====== Data to process ======

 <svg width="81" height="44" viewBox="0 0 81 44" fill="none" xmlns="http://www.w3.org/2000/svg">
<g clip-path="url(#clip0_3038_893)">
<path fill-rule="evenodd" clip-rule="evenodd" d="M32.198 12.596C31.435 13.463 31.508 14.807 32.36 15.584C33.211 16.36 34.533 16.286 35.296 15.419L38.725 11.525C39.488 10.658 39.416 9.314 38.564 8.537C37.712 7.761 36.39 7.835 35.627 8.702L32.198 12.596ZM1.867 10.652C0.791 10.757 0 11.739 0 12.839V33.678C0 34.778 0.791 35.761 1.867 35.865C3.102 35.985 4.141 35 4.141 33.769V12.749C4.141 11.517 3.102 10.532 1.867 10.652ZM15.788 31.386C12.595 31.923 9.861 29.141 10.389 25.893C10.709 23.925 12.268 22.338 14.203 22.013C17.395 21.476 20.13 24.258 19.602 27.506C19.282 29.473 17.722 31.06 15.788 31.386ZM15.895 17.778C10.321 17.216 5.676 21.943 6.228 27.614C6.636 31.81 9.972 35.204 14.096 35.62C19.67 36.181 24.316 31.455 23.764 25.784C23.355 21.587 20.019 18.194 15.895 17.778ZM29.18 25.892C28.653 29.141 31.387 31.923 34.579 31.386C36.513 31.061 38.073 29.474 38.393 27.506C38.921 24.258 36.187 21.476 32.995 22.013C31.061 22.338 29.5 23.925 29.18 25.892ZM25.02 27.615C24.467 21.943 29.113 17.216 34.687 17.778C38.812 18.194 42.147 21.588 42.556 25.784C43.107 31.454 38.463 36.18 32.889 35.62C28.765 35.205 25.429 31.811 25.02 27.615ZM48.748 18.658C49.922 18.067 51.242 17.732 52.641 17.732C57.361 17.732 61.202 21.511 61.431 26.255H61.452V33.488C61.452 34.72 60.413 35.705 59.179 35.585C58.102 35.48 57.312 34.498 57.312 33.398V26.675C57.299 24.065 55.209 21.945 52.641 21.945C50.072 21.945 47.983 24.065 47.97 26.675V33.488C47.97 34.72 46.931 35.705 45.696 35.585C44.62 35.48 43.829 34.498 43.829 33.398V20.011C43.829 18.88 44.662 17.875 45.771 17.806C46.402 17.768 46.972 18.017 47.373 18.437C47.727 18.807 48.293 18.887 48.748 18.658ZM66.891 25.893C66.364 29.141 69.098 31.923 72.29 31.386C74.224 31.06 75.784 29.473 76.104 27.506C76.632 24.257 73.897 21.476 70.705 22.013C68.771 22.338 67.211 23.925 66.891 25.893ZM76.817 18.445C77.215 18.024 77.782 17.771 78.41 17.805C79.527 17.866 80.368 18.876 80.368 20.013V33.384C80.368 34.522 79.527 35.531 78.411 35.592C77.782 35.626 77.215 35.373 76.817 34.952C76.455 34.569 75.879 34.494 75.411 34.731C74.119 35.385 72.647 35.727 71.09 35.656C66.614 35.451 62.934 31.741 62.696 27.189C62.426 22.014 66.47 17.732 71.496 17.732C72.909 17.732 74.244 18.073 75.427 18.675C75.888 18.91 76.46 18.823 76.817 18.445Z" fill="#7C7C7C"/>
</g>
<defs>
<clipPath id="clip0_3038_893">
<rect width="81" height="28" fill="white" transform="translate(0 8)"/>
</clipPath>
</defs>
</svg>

======

**Activity**
The data is to be reproduced in full, every line intact.

**Worked solution**
 <svg width="81" height="44" viewBox="0 0 81 44" fill="none" xmlns="http://www.w3.org/2000/svg">
<g clip-path="url(#clip0_3038_893)">
<path fill-rule="evenodd" clip-rule="evenodd" d="M32.198 12.596C31.435 13.463 31.508 14.807 32.36 15.584C33.211 16.36 34.533 16.286 35.296 15.419L38.725 11.525C39.488 10.658 39.416 9.314 38.564 8.537C37.712 7.761 36.39 7.835 35.627 8.702L32.198 12.596ZM1.867 10.652C0.791 10.757 0 11.739 0 12.839V33.678C0 34.778 0.791 35.761 1.867 35.865C3.102 35.985 4.141 35 4.141 33.769V12.749C4.141 11.517 3.102 10.532 1.867 10.652ZM15.788 31.386C12.595 31.923 9.861 29.141 10.389 25.893C10.709 23.925 12.268 22.338 14.203 22.013C17.395 21.476 20.13 24.258 19.602 27.506C19.282 29.473 17.722 31.06 15.788 31.386ZM15.895 17.778C10.321 17.216 5.676 21.943 6.228 27.614C6.636 31.81 9.972 35.204 14.096 35.62C19.67 36.181 24.316 31.455 23.764 25.784C23.355 21.587 20.019 18.194 15.895 17.778ZM29.18 25.892C28.653 29.141 31.387 31.923 34.579 31.386C36.513 31.061 38.073 29.474 38.393 27.506C38.921 24.258 36.187 21.476 32.995 22.013C31.061 22.338 29.5 23.925 29.18 25.892ZM25.02 27.615C24.467 21.943 29.113 17.216 34.687 17.778C38.812 18.194 42.147 21.588 42.556 25.784C43.107 31.454 38.463 36.18 32.889 35.62C28.765 35.205 25.429 31.811 25.02 27.615ZM48.748 18.658C49.922 18.067 51.242 17.732 52.641 17.732C57.361 17.732 61.202 21.511 61.431 26.255H61.452V33.488C61.452 34.72 60.413 35.705 59.179 35.585C58.102 35.48 57.312 34.498 57.312 33.398V26.675C57.299 24.065 55.209 21.945 52.641 21.945C50.072 21.945 47.983 24.065 47.97 26.675V33.488C47.97 34.72 46.931 35.705 45.696 35.585C44.62 35.48 43.829 34.498 43.829 33.398V20.011C43.829 18.88 44.662 17.875 45.771 17.806C46.402 17.768 46.972 18.017 47.373 18.437C47.727 18.807 48.293 18.887 48.748 18.658ZM66.891 25.893C66.364 29.141 69.098 31.923 72.29 31.386C74.224 31.06 75.784 29.473 76.104 27.506C76.632 24.257 73.897 21.476 70.705 22.013C68.771 22.338 67.211 23.925 66.891 25.893ZM76.817 18.445C77.215 18.024 77.782 17.771 78.41 17.805C79.527 17.866 80.368 18.876 80.368 20.013V33.384C80.368 34.522 79.527 35.531 78.411 35.592C77.782 35.626 77.215 35.373 76.817 34.952C76.455 34.569 75.879 34.494 75.411 34.731C74.119 35.385 72.647 35.727 71.09 35.656C66.614 35.451 62.934 31.741 62.696 27.189C62.426 22.014 66.47 17.732 71.496 17.732C72.909 17.732 74.244 18.073 75.427 18.675C75.888 18.91 76.46 18.823 76.817 18.445Z" fill="#7C7C7C"/>
</g>
<defs>
<clipPath id="clip0_3038_893">
<rect width="81" height="28" fill="white" transform="translate(0 8)"/>
</clipPath>
</defs>
</svg>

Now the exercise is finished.